Jobineries

Blogue de Gilles G. Jobin, Gatineau, Québec.

dimanche 18 novembre 2012

De toutes les Paroisses, page 76

Le silence est un vengeur élégant et fier.

Les femmes les plus prisonnières de maris exigents sont souvent les plus inconsolables dans leur veuvage : on dirait que leurs chaînes leur manquent.

Le temps de la maladie est le temps de la grâce : le monde fuit, les pensées vaines s'éloignent, on en a fini avec les considérations humaines, Dieu nous parle, et la mort, de temps en temps, vient s'asseoir, câline, au pied de notre lit.

Une femme attend d'être prise par l'amour pour songer à se défendre, c'est vraiment un peu tard.

Ce qu'on a véritablement de moins à soi, c'est son argent.

L'insuccès nous fait ausculter nos prétentions.

Anne Barratin, De toutes les Paroisses, Ed. Lemerre, Paris, 1913

samedi 17 novembre 2012

De toutes les Paroisses, page 75

L'ami devait être l'autre nous-même, celui qu'on sert avant soi : voilà le portrait. Où est le modèle?

Quand une limite arrive, elle semble toujours avoir été proche.

Ayons le coeur fier, mais l'esprit humble.

Les extrêmes vont quelquefois bien ensemble, s'étonnant l'un l'autre.

Que de regrets donne le mensonge passager à celui qui n'a pas l'habitude de mentir !
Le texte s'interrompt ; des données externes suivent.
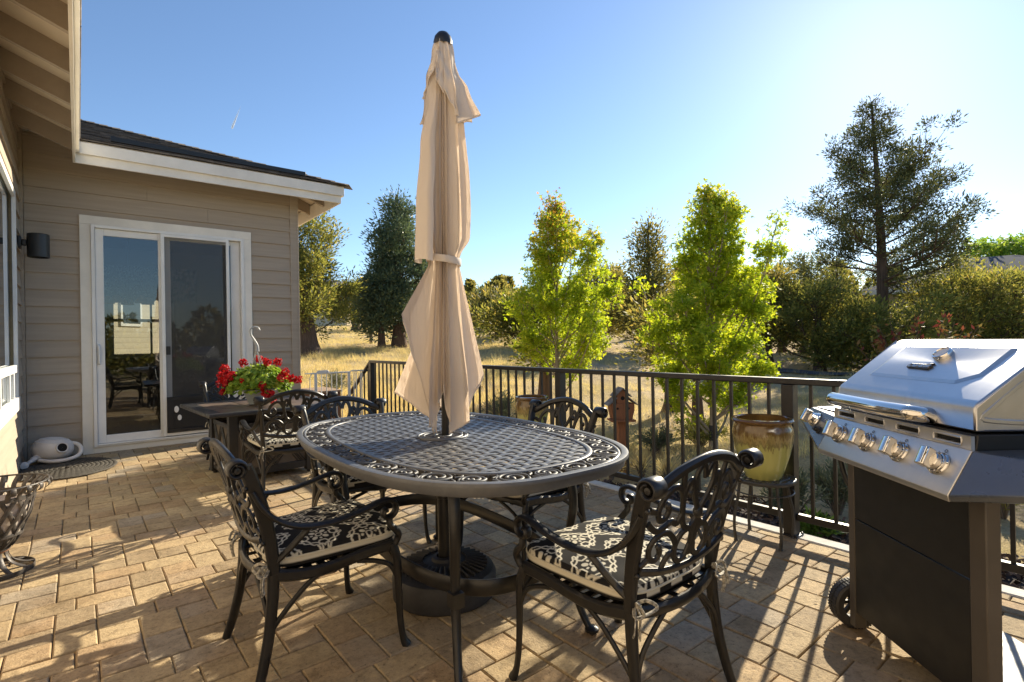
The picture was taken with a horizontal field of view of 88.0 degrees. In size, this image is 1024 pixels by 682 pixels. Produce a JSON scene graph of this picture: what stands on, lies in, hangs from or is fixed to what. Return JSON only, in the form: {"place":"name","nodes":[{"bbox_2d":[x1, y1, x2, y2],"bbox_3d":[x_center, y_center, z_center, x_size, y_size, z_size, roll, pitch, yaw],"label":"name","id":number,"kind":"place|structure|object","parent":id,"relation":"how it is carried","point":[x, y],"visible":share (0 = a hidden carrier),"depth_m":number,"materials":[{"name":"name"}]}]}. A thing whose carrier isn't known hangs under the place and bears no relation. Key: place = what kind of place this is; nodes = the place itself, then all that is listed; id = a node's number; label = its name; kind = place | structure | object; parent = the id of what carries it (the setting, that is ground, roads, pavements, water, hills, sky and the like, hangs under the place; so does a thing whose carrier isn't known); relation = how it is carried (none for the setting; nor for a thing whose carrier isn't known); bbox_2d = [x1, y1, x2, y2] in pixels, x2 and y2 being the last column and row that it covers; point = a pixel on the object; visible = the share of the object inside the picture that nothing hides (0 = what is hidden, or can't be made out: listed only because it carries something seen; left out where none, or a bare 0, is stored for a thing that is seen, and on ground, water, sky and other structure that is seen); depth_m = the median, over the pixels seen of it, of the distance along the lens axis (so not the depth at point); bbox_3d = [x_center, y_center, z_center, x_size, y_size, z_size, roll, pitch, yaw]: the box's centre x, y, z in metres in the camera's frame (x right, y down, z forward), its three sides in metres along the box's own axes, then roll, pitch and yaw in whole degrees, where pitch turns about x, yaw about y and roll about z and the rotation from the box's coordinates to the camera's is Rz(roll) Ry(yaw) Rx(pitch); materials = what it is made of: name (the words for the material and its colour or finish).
{"place":"outdoors","nodes":[
{"label":"outdoors","id":0,"kind":"place"},
{"bbox_2d":[0,433,1023,681],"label":"patio","id":1,"kind":"structure","parent":0,"point":[170,523],"depth_m":2.30,"materials":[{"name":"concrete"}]},
{"bbox_2d":[0,473,52,581],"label":"basket planter","id":2,"kind":"object","parent":1,"relation":"on","point":[16,505],"visible":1,"depth_m":2.77,"materials":[{"name":"metal"}]},
{"bbox_2d":[18,457,117,481],"bbox_3d":[-4.309,1.233,5.115,0.809,0.016,1.036,-1,0,-39],"label":"door mat","id":3,"kind":"object","parent":1,"relation":"on","point":[78,467],"depth_m":5.09,"materials":[{"name":"rubber"}]},
{"bbox_2d":[20,437,83,468],"bbox_3d":[-4.672,1.115,5.398,0.481,0.255,0.448,-1,0,-39],"label":"watering can","id":4,"kind":"object","parent":3,"relation":"on","point":[52,450],"visible":1,"depth_m":5.32,"materials":[{"name":"white plastic"}]},
{"bbox_2d":[199,379,245,469],"bbox_3d":[-2.799,0.803,5.388,0.592,0.845,0.631,-1,0,-37],"label":"patio chair","id":5,"kind":"object","parent":1,"relation":"on","point":[206,396],"visible":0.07,"depth_m":5.46,"materials":[{"name":"brown metal"}]},
{"bbox_2d":[180,395,341,474],"bbox_3d":[-2.311,0.894,4.894,1.100,0.630,1.090,-1,0,-42],"label":"fire table","id":6,"kind":"object","parent":1,"relation":"on","point":[225,417],"visible":0.58,"depth_m":4.68,"materials":[{"name":"metal"}]},
{"bbox_2d":[215,326,302,404],"bbox_3d":[-2.314,0.224,4.833,0.654,0.711,0.608,-1,0,-39],"label":"flower basket","id":7,"kind":"object","parent":6,"relation":"on","point":[252,381],"visible":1,"depth_m":4.71,"materials":[{"name":"red plastic"}]},
{"bbox_2d":[239,389,337,494],"bbox_3d":[-1.760,0.785,4.157,0.592,0.845,0.631,-1,0,-37],"label":"patio chair","id":8,"kind":"object","parent":1,"relation":"on","point":[279,442],"visible":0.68,"depth_m":3.94,"materials":[{"name":"brown metal"}]},
{"bbox_2d":[196,437,410,681],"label":"patio chair","id":9,"kind":"object","parent":1,"relation":"on","point":[349,532],"visible":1,"depth_m":1.93,"materials":[{"name":"brown metal"}]},
{"bbox_2d":[293,396,431,570],"bbox_3d":[-0.890,0.771,3.132,0.592,0.845,0.631,-1,0,-39],"label":"patio chair","id":10,"kind":"object","parent":1,"relation":"on","point":[362,487],"visible":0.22,"depth_m":3.14,"materials":[{"name":"brown metal"}]},
{"bbox_2d":[392,496,495,616],"bbox_3d":[-0.318,0.941,2.477,0.480,0.470,0.480,-1,0,-39],"label":"umbrella base","id":11,"kind":"object","parent":1,"relation":"on","point":[421,599],"visible":0.63,"depth_m":2.37,"materials":[{"name":"grey plastic"}]},
{"bbox_2d":[394,31,483,466],"bbox_3d":[-0.350,-0.378,2.476,0.426,2.122,0.263,-1,0,-9],"label":"patio umbrella","id":12,"kind":"object","parent":11,"relation":"on","point":[443,370],"visible":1,"depth_m":2.42,"materials":[{"name":"beige fabric"}]},
{"bbox_2d":[296,411,628,681],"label":"dining table","id":13,"kind":"object","parent":1,"relation":"on","point":[428,477],"visible":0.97,"depth_m":2.03,"materials":[{"name":"brown metal"}]},
{"bbox_2d":[459,397,607,560],"bbox_3d":[0.099,0.754,2.888,0.631,0.845,0.592,-1,0,-39],"label":"patio chair","id":14,"kind":"object","parent":1,"relation":"on","point":[527,502],"visible":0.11,"depth_m":2.84,"materials":[{"name":"brown metal"}]},
{"bbox_2d":[508,448,763,681],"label":"patio chair","id":15,"kind":"object","parent":1,"relation":"on","point":[636,567],"visible":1,"depth_m":1.64,"materials":[{"name":"brown metal"}]},
{"bbox_2d":[733,472,796,550],"bbox_3d":[1.451,0.964,3.055,0.342,0.364,0.342,-1,0,39],"label":"plant stand","id":16,"kind":"object","parent":1,"relation":"on","point":[790,480],"visible":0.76,"depth_m":2.98,"materials":[{"name":"metal"}]},
{"bbox_2d":[731,414,794,480],"bbox_3d":[1.445,0.614,3.055,0.332,0.344,0.332,-1,0,-1],"label":"glazed pot","id":17,"kind":"object","parent":16,"relation":"on","point":[770,437],"visible":0.97,"depth_m":2.94,"materials":[{"name":"ceramic"}]},
{"bbox_2d":[799,339,1023,681],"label":"gas grill","id":18,"kind":"object","parent":1,"relation":"on","point":[924,439],"visible":1,"depth_m":1.66,"materials":[{"name":"silver metal"}]},
{"bbox_2d":[515,394,548,437],"bbox_3d":[0.169,0.635,4.433,0.286,0.344,0.286,-1,0,-19],"label":"glazed pot","id":19,"kind":"object","parent":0,"point":[522,406],"visible":0.57,"depth_m":4.33,"materials":[{"name":"ceramic"}]},
{"bbox_2d":[81,0,1023,292],"label":"sky","id":20,"kind":"structure","parent":0,"point":[623,107],"materials":[{"name":"blue"}]},
{"bbox_2d":[97,325,1023,562],"bbox_3d":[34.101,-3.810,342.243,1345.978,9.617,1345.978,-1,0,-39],"label":"ground","id":21,"kind":"structure","parent":0,"point":[1005,523],"depth_m":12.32,"materials":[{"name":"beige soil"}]},
{"bbox_2d":[113,300,158,353],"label":"neighbour house","id":22,"kind":"structure","parent":21,"relation":"on","point":[131,337],"depth_m":19.27,"materials":[{"name":"beige"}]},
{"bbox_2d":[119,302,141,326],"bbox_3d":[-13.725,-1.210,19.095,0.080,1.400,1.000,-1,0,3],"label":"window","id":23,"kind":"structure","parent":22,"relation":"in","point":[134,311],"depth_m":19.06,"materials":[{"name":"white glass"}]},
{"bbox_2d":[0,0,352,494],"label":"house","id":24,"kind":"structure","parent":21,"relation":"on","point":[89,197],"depth_m":5.93,"materials":[{"name":"beige wood"}]},
{"bbox_2d":[0,155,20,429],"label":"window","id":25,"kind":"structure","parent":24,"relation":"in","point":[10,400],"depth_m":4.66,"materials":[{"name":"white plastic"}]},
{"bbox_2d":[17,232,49,258],"bbox_3d":[-4.768,-0.947,5.286,0.243,0.235,0.176,-1,0,-39],"label":"wall lamp","id":26,"kind":"object","parent":24,"relation":"attached to","point":[37,245],"visible":1,"depth_m":5.24,"materials":[{"name":"black metal"}]},
{"bbox_2d":[104,238,154,304],"bbox_3d":[-5.604,-1.045,7.734,0.645,1.040,0.622,-1,0,-39],"label":"chandelier","id":27,"kind":"object","parent":24,"relation":"hanging from","point":[127,299],"visible":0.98,"depth_m":7.68,"materials":[{"name":"brown metal"}]},
{"bbox_2d":[108,302,174,358],"bbox_3d":[-6.424,-0.321,9.214,0.940,1.240,0.050,-1,0,-39],"label":"interior window","id":28,"kind":"structure","parent":24,"relation":"in","point":[111,320],"depth_m":9.13,"materials":[{"name":"white plastic"}]},
{"bbox_2d":[95,265,196,303],"bbox_3d":[-6.324,-0.958,9.195,1.486,0.630,0.070,-1,0,-39],"label":"valance","id":29,"kind":"object","parent":24,"relation":"hanging from","point":[183,285],"visible":0.63,"depth_m":9.21,"materials":[{"name":"grey fabric"}]},
{"bbox_2d":[90,224,245,447],"bbox_3d":[-4.044,-0.061,6.344,1.538,2.460,0.160,-1,0,-39],"label":"sliding door","id":30,"kind":"structure","parent":24,"relation":"in","point":[176,422],"depth_m":6.25,"materials":[{"name":"white plastic"}]},
{"bbox_2d":[301,387,340,418],"bbox_3d":[-2.995,1.228,7.931,0.660,0.985,0.754,-1,0,-39],"label":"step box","id":31,"kind":"object","parent":21,"relation":"on","point":[328,390],"visible":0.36,"depth_m":7.83,"materials":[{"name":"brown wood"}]},
{"bbox_2d":[298,209,368,357],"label":"juniper tree","id":32,"kind":"object","parent":21,"relation":"on","point":[313,272],"visible":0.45,"depth_m":19.84,"materials":[{"name":"green plant"}]},
{"bbox_2d":[317,368,355,390],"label":"sage bush","id":33,"kind":"object","parent":21,"relation":"on","point":[334,380],"visible":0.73,"depth_m":12.54,"materials":[{"name":"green plant"}]},
{"bbox_2d":[313,280,360,325],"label":"neighbour house","id":34,"kind":"structure","parent":21,"relation":"on","point":[317,321],"depth_m":53.44,"materials":[{"name":"beige"}]},
{"bbox_2d":[320,279,365,331],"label":"juniper tree","id":35,"kind":"object","parent":21,"relation":"on","point":[349,313],"visible":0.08,"depth_m":39.53,"materials":[{"name":"green plant"}]},
{"bbox_2d":[347,207,410,347],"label":"juniper tree","id":36,"kind":"object","parent":21,"relation":"on","point":[380,329],"visible":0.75,"depth_m":24.08,"materials":[{"name":"green plant"}]},
{"bbox_2d":[341,184,427,347],"bbox_3d":[-5.267,-3.439,24.555,5.119,7.930,5.008,-1,0,-39],"label":"juniper tree","id":37,"kind":"object","parent":21,"relation":"on","point":[399,218],"visible":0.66,"depth_m":24.24,"materials":[{"name":"green plant"}]},
{"bbox_2d":[469,282,489,330],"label":"juniper tree","id":38,"kind":"object","parent":21,"relation":"on","point":[479,290],"depth_m":45.81,"materials":[{"name":"green plant"}]},
{"bbox_2d":[465,278,521,337],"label":"juniper tree","id":39,"kind":"object","parent":21,"relation":"on","point":[488,294],"visible":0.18,"depth_m":33.33,"materials":[{"name":"green plant"}]},
{"bbox_2d":[481,390,515,416],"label":"sage bush","id":40,"kind":"object","parent":21,"relation":"on","point":[504,407],"visible":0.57,"depth_m":8.71,"materials":[{"name":"green plant"}]},
{"bbox_2d":[468,285,579,346],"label":"juniper tree","id":41,"kind":"object","parent":21,"relation":"on","point":[507,325],"visible":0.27,"depth_m":25.66,"materials":[{"name":"green plant"}]},
{"bbox_2d":[508,321,572,399],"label":"juniper tree","id":42,"kind":"object","parent":21,"relation":"on","point":[546,389],"visible":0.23,"depth_m":11.38,"materials":[{"name":"green plant"}]},
{"bbox_2d":[498,187,625,390],"bbox_3d":[1.007,-0.712,10.546,2.485,4.615,2.403,-1,0,24],"label":"maple tree","id":43,"kind":"object","parent":21,"relation":"on","point":[561,236],"visible":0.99,"depth_m":10.12,"materials":[{"name":"green plant"}]},
{"bbox_2d":[566,261,627,348],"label":"juniper tree","id":44,"kind":"object","parent":21,"relation":"on","point":[616,278],"visible":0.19,"depth_m":27.21,"materials":[{"name":"green plant"}]},
{"bbox_2d":[609,453,630,479],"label":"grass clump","id":45,"kind":"object","parent":21,"relation":"on","point":[611,477],"visible":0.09,"depth_m":5.53,"materials":[{"name":"plant"}]},
{"bbox_2d":[604,386,637,472],"bbox_3d":[1.191,1.029,5.757,0.336,1.043,0.220,-1,0,-4],"label":"birdhouse","id":46,"kind":"object","parent":21,"relation":"on","point":[620,416],"visible":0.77,"depth_m":5.69,"materials":[{"name":"brown wood"}]},
{"bbox_2d":[624,441,659,479],"bbox_3d":[1.359,1.282,5.606,0.511,0.446,0.555,-1,0,-25],"label":"grass clump","id":47,"kind":"object","parent":21,"relation":"on","point":[644,457],"visible":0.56,"depth_m":5.57,"materials":[{"name":"beige plant"}]},
{"bbox_2d":[600,207,684,351],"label":"juniper tree","id":48,"kind":"object","parent":21,"relation":"on","point":[646,258],"visible":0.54,"depth_m":24.74,"materials":[{"name":"green plant"}]},
{"bbox_2d":[392,255,907,332],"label":"juniper wood","id":49,"kind":"object","parent":21,"relation":"on","point":[496,278],"visible":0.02,"depth_m":44.40,"materials":[{"name":"green plant"}]},
{"bbox_2d":[633,423,676,453],"bbox_3d":[1.730,1.190,6.331,0.520,0.430,0.409,-1,0,-11],"label":"sage bush","id":50,"kind":"object","parent":21,"relation":"on","point":[660,438],"visible":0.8,"depth_m":6.30,"materials":[{"name":"green plant"}]},
{"bbox_2d":[644,451,681,483],"bbox_3d":[1.566,1.306,5.298,0.448,0.474,0.532,-1,0,-5],"label":"grass clump","id":51,"kind":"object","parent":21,"relation":"on","point":[664,473],"visible":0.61,"depth_m":5.30,"materials":[{"name":"beige plant"}]},
{"bbox_2d":[611,290,719,411],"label":"juniper tree","id":52,"kind":"object","parent":21,"relation":"on","point":[638,353],"visible":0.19,"depth_m":9.77,"materials":[{"name":"green plant"}]},
{"bbox_2d":[673,415,729,446],"bbox_3d":[2.382,1.164,6.738,0.770,0.473,0.776,-1,0,-2],"label":"sage bush","id":53,"kind":"object","parent":21,"relation":"on","point":[688,427],"visible":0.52,"depth_m":6.71,"materials":[{"name":"green plant"}]},
{"bbox_2d":[654,313,764,433],"bbox_3d":[2.933,0.588,7.942,1.556,2.114,1.328,-1,0,19],"label":"juniper tree","id":54,"kind":"object","parent":21,"relation":"on","point":[700,405],"visible":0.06,"depth_m":7.94,"materials":[{"name":"green plant"}]},
{"bbox_2d":[629,178,793,450],"bbox_3d":[2.406,-0.167,6.380,1.856,3.553,1.489,-1,0,0],"label":"maple tree","id":55,"kind":"object","parent":21,"relation":"on","point":[717,215],"visible":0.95,"depth_m":6.22,"materials":[{"name":"green plant"}]},
{"bbox_2d":[417,435,1023,599],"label":"kerb","id":56,"kind":"structure","parent":21,"relation":"on","point":[1012,592],"depth_m":3.16,"materials":[{"name":"concrete"}]},
{"bbox_2d":[347,360,1023,574],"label":"metal fence","id":57,"kind":"object","parent":56,"relation":"on","point":[789,397],"visible":0.32,"depth_m":3.57,"materials":[{"name":"metal"}]},
{"bbox_2d":[305,370,368,418],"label":"baby gate","id":58,"kind":"structure","parent":57,"relation":"attached to","point":[321,372],"depth_m":7.32,"materials":[{"name":"grey metal"}]},
{"bbox_2d":[492,452,1023,589],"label":"mulch bed","id":59,"kind":"object","parent":21,"relation":"on","point":[1009,580],"depth_m":4.16,"materials":[{"name":"brown wood"}]},
{"bbox_2d":[757,467,829,511],"bbox_3d":[2.240,1.239,4.350,0.514,0.515,0.508,-1,0,-7],"label":"sage bush","id":60,"kind":"object","parent":59,"relation":"on","point":[804,481],"visible":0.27,"depth_m":4.23,"materials":[{"name":"green plant"}]},
{"bbox_2d":[800,505,845,539],"bbox_3d":[2.134,1.321,3.720,0.334,0.322,0.266,-1,0,-14],"label":"green shrub","id":61,"kind":"object","parent":59,"relation":"on","point":[815,530],"visible":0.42,"depth_m":3.68,"materials":[{"name":"green plant"}]},
{"bbox_2d":[701,259,828,363],"bbox_3d":[9.786,-1.014,20.201,4.450,4.261,4.065,-1,0,-3],"label":"juniper tree","id":62,"kind":"object","parent":21,"relation":"on","point":[778,273],"visible":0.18,"depth_m":19.47,"materials":[{"name":"green plant"}]},
{"bbox_2d":[772,261,800,351],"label":"juniper tree","id":63,"kind":"object","parent":21,"relation":"on","point":[778,348],"visible":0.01,"depth_m":26.85,"materials":[{"name":"green plant"}]},
{"bbox_2d":[773,245,849,352],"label":"juniper tree","id":64,"kind":"object","parent":21,"relation":"on","point":[803,256],"visible":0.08,"depth_m":25.83,"materials":[{"name":"green plant"}]},
{"bbox_2d":[757,272,894,371],"bbox_3d":[10.750,-0.530,18.463,4.485,3.779,4.696,-1,0,-39],"label":"juniper tree","id":65,"kind":"object","parent":21,"relation":"on","point":[819,304],"visible":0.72,"depth_m":17.91,"materials":[{"name":"green plant"}]},
{"bbox_2d":[806,456,847,515],"bbox_3d":[2.724,1.232,4.466,0.534,0.580,0.521,-1,0,-39],"label":"sage bush","id":66,"kind":"object","parent":21,"relation":"on","point":[823,478],"visible":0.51,"depth_m":4.44,"materials":[{"name":"green plant"}]},
{"bbox_2d":[806,257,906,318],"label":"juniper tree","id":67,"kind":"object","parent":21,"relation":"on","point":[840,273],"visible":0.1,"depth_m":23.65,"materials":[{"name":"green plant"}]},
{"bbox_2d":[792,285,972,371],"bbox_3d":[11.383,-0.101,17.241,3.815,3.393,5.576,-1,0,-11],"label":"juniper tree","id":68,"kind":"object","parent":21,"relation":"on","point":[868,310],"visible":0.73,"depth_m":16.71,"materials":[{"name":"green plant"}]},
{"bbox_2d":[779,93,999,344],"bbox_3d":[13.863,-4.084,19.754,7.563,10.623,7.063,-1,0,-39],"label":"juniper tree","id":69,"kind":"object","parent":21,"relation":"on","point":[904,172],"visible":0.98,"depth_m":19.24,"materials":[{"name":"green plant"}]},
{"bbox_2d":[854,312,982,360],"bbox_3d":[5.593,0.508,7.143,1.316,1.794,1.343,-1,0,-13],"label":"red shrub","id":70,"kind":"object","parent":21,"relation":"on","point":[916,337],"visible":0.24,"depth_m":7.23,"materials":[{"name":"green plant"}]},
{"bbox_2d":[860,255,1023,341],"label":"neighbour house","id":71,"kind":"structure","parent":21,"relation":"on","point":[1006,259],"depth_m":25.99,"materials":[{"name":"beige"}]},
{"bbox_2d":[909,249,985,332],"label":"juniper tree","id":72,"kind":"object","parent":21,"relation":"on","point":[966,261],"visible":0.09,"depth_m":24.72,"materials":[{"name":"green plant"}]},
{"bbox_2d":[884,254,1023,339],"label":"juniper tree","id":73,"kind":"object","parent":21,"relation":"on","point":[967,315],"visible":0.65,"depth_m":18.39,"materials":[{"name":"green plant"}]},
{"bbox_2d":[926,259,1023,338],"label":"juniper tree","id":74,"kind":"object","parent":21,"relation":"on","point":[1018,332],"visible":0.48,"depth_m":18.55,"materials":[{"name":"green plant"}]},
{"bbox_2d":[932,261,1023,335],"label":"juniper tree","id":75,"kind":"object","parent":21,"relation":"on","point":[985,278],"visible":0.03,"depth_m":22.74,"materials":[{"name":"green plant"}]},
{"bbox_2d":[961,229,1023,258],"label":"leafy tree","id":76,"kind":"object","parent":21,"relation":"on","point":[1000,247],"visible":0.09,"depth_m":29.13,"materials":[{"name":"green plant"}]},
{"bbox_2d":[1000,503,1023,519],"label":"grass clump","id":77,"kind":"object","parent":21,"relation":"on","point":[1004,509],"visible":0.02,"depth_m":4.42,"materials":[{"name":"green plant"}]},
{"bbox_2d":[734,365,854,375],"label":"driveway","id":78,"kind":"structure","parent":0,"point":[806,371],"depth_m":16.65,"materials":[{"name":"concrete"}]}
]}

Un flâneur est plus terrestre qu'un rêveur, son horizon s'étend moins loin.

Anne Barratin, De toutes les Paroisses, Ed. Lemerre, Paris, 1913

vendredi 16 novembre 2012

De toutes les Paroisses, page 74

Chez soi, il faut être chez soi, mais pas chez les autres.

La vie demande toujours, et, quand on ne lui donne pas, elle prend.
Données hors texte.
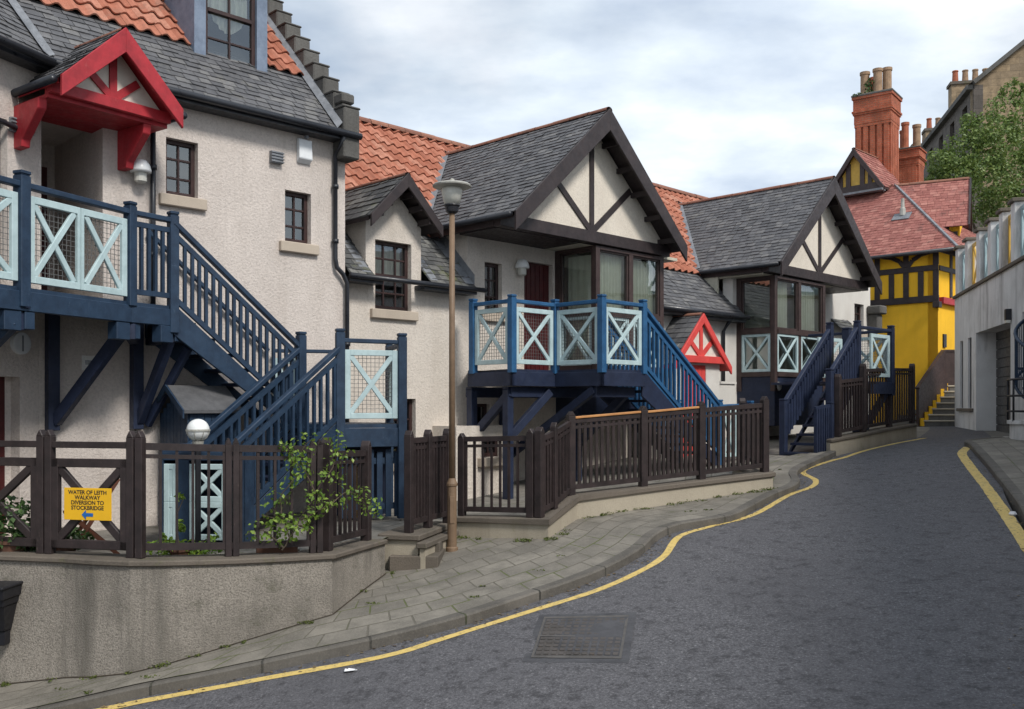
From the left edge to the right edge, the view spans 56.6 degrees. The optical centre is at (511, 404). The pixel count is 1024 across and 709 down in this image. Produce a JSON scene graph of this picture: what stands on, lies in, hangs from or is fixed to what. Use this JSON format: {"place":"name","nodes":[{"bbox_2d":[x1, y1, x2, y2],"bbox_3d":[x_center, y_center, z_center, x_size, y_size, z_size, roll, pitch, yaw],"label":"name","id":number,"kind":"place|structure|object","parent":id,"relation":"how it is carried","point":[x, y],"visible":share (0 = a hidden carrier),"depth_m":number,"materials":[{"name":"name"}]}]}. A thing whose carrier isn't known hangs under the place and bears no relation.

Aie mince confiance dans tes moyens, grosse confiance dans ta sottise.

Sache te faire société.

C'est souvent bien cher, un beau mari.

L'amour nous donne le vertige, pour éviter avec nous toute discussion.

Que de baisers nous recevons, qui ne s'adressent pas à nous !

Anne Barratin, De toutes les Paroisses, Ed. Lemerre, Paris, 1913

jeudi 15 novembre 2012

De toutes les Paroisses, page 73

On rêve, on rêve, on rêve, puis, un beau jour, on est prisonnier dans son rêve.

Malgré soi, on voit toujours de la barbe aux bas bleus.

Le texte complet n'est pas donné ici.